Excerpts from a dataset
+ + + + + + +
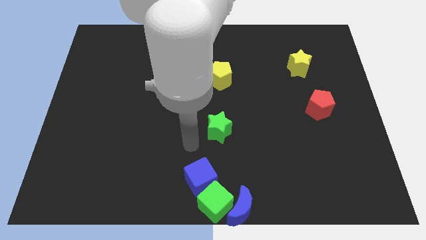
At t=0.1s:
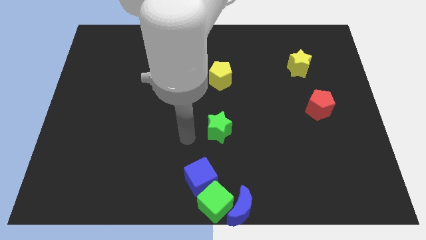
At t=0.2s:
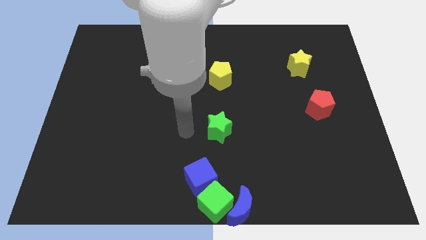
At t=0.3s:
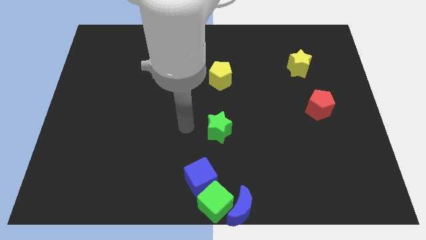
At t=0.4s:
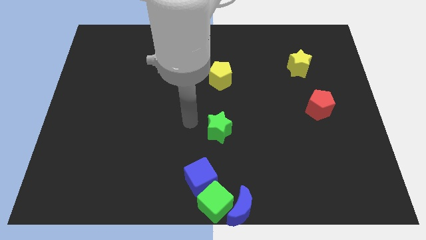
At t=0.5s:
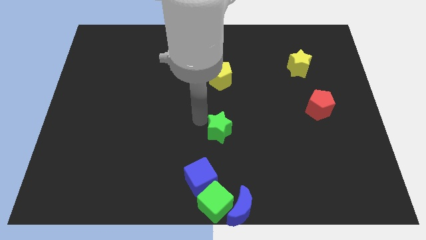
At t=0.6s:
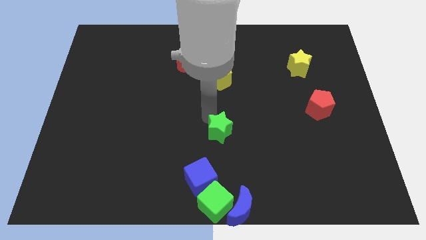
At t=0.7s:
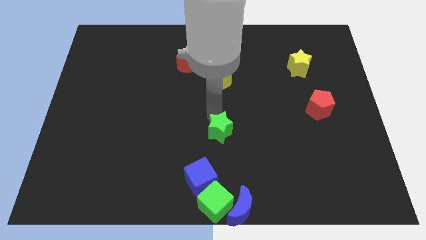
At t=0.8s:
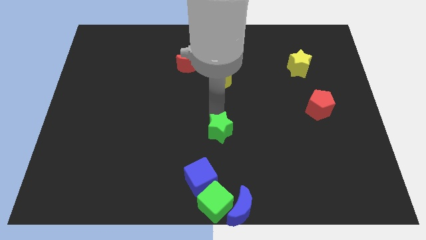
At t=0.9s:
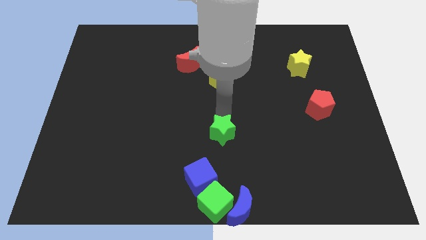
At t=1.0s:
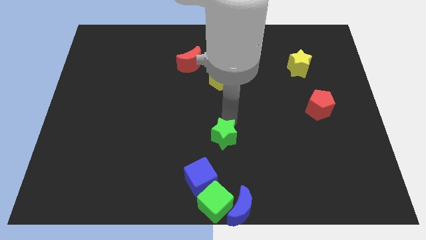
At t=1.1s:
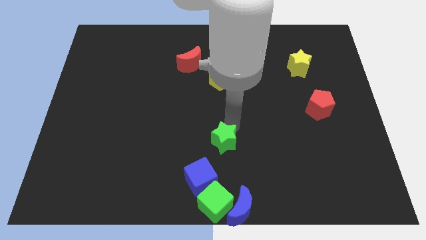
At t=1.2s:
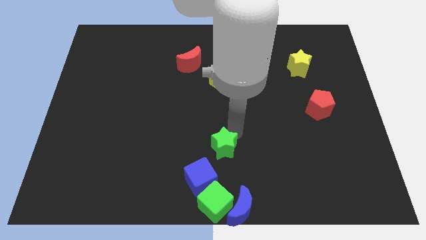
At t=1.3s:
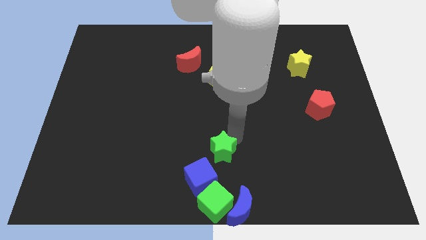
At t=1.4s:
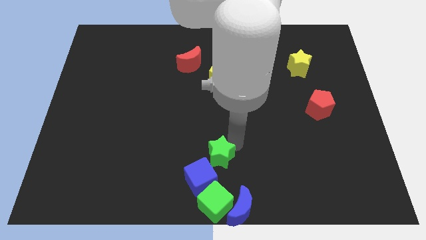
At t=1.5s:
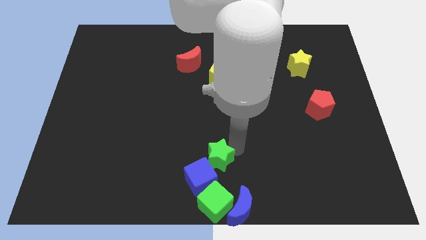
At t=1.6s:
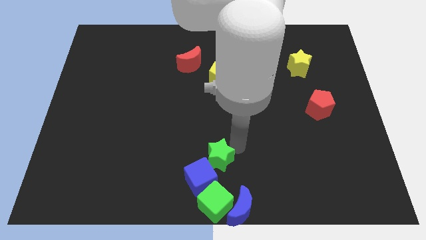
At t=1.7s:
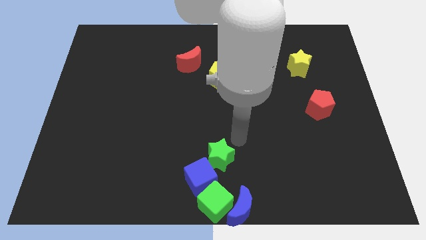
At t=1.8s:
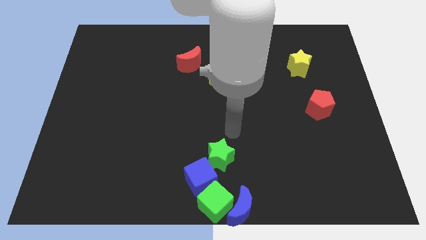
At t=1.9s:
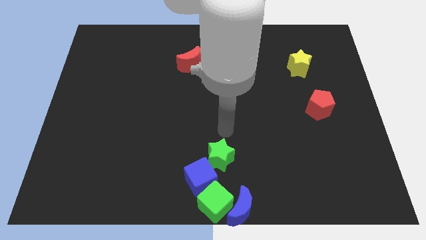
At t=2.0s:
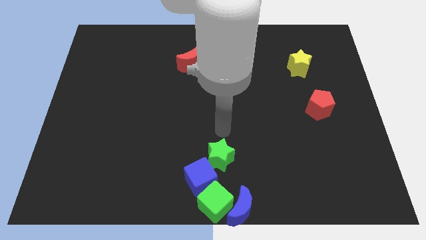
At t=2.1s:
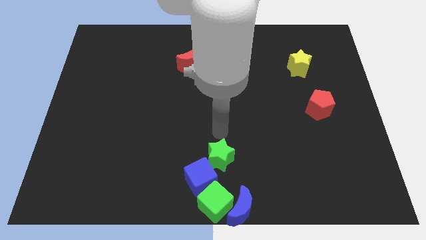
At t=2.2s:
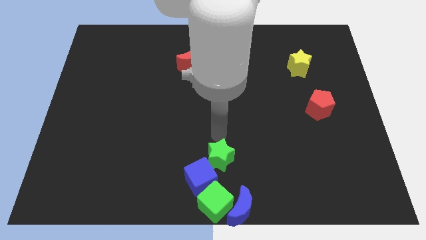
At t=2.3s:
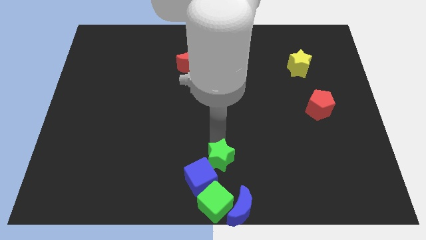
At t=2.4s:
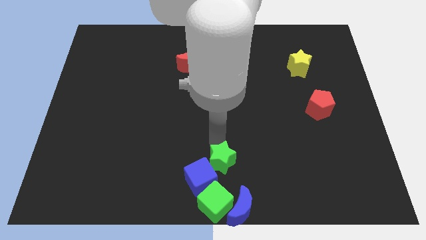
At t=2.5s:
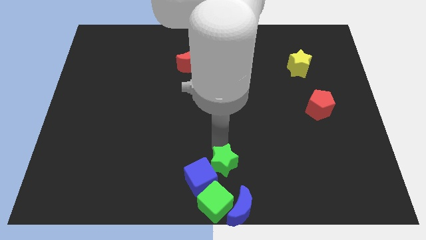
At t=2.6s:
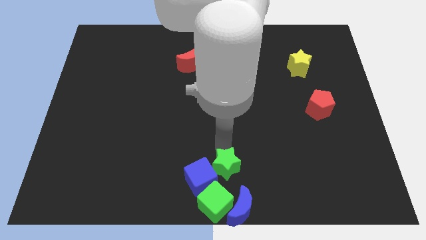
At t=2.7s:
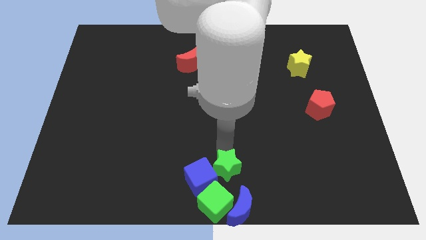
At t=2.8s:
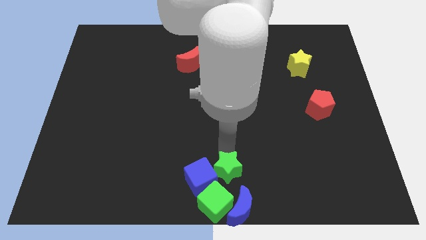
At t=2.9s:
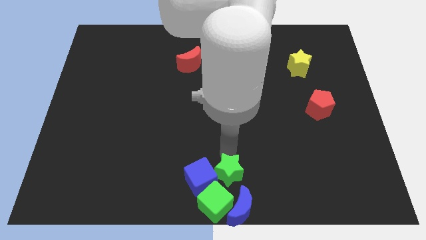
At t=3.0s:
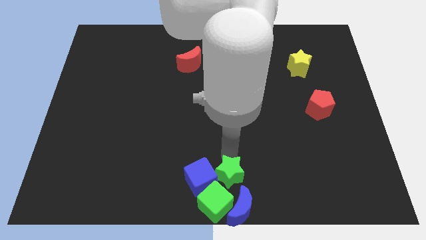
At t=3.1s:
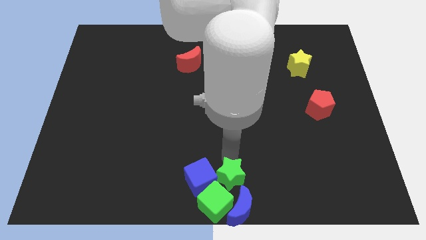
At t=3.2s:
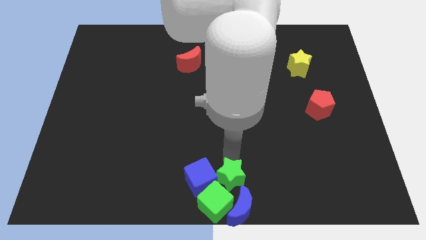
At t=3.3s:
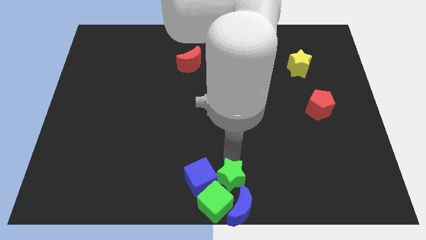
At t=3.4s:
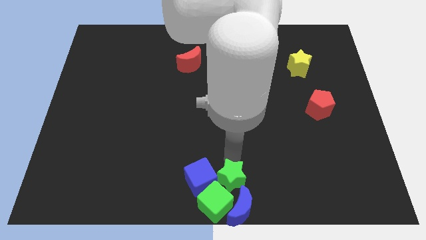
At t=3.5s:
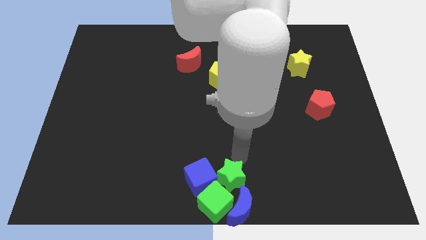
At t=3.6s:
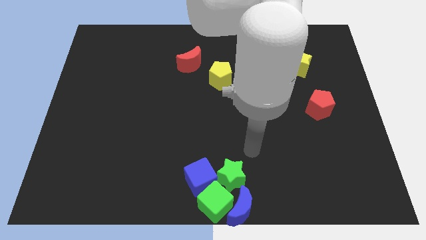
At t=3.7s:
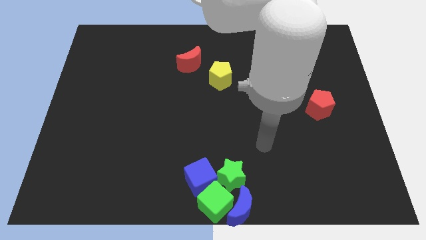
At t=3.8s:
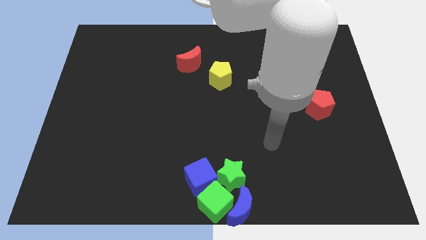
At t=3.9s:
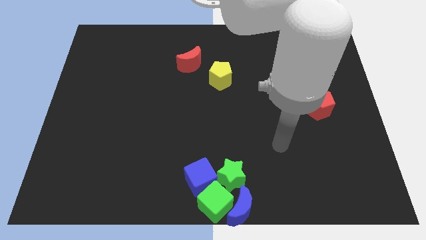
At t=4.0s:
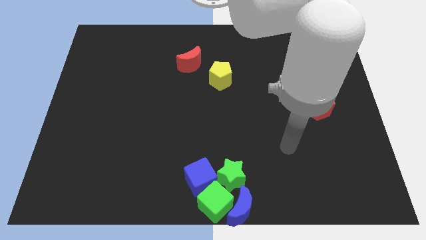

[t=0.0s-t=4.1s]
place green star to the right of blue cube
+ + + + + + +
- **EXERCISE DIRECTIONS**:
Write the records out exactly, dropping every image.

- **FINAL ANSWER**:
At t=0.1s:
At t=0.2s:
At t=0.3s:
At t=0.4s:
At t=0.5s:
At t=0.6s:
At t=0.7s:
At t=0.8s:
At t=0.9s:
At t=1.0s:
At t=1.1s:
At t=1.2s:
At t=1.3s:
At t=1.4s:
At t=1.5s:
At t=1.6s:
At t=1.7s:
At t=1.8s:
At t=1.9s:
At t=2.0s:
At t=2.1s:
At t=2.2s:
At t=2.3s:
At t=2.4s:
At t=2.5s:
At t=2.6s:
At t=2.7s:
At t=2.8s:
At t=2.9s:
At t=3.0s:
At t=3.1s:
At t=3.2s:
At t=3.3s:
At t=3.4s:
At t=3.5s:
At t=3.6s:
At t=3.7s:
At t=3.8s:
At t=3.9s:
At t=4.0s:

[t=0.0s-t=4.1s]
place green star to the right of blue cube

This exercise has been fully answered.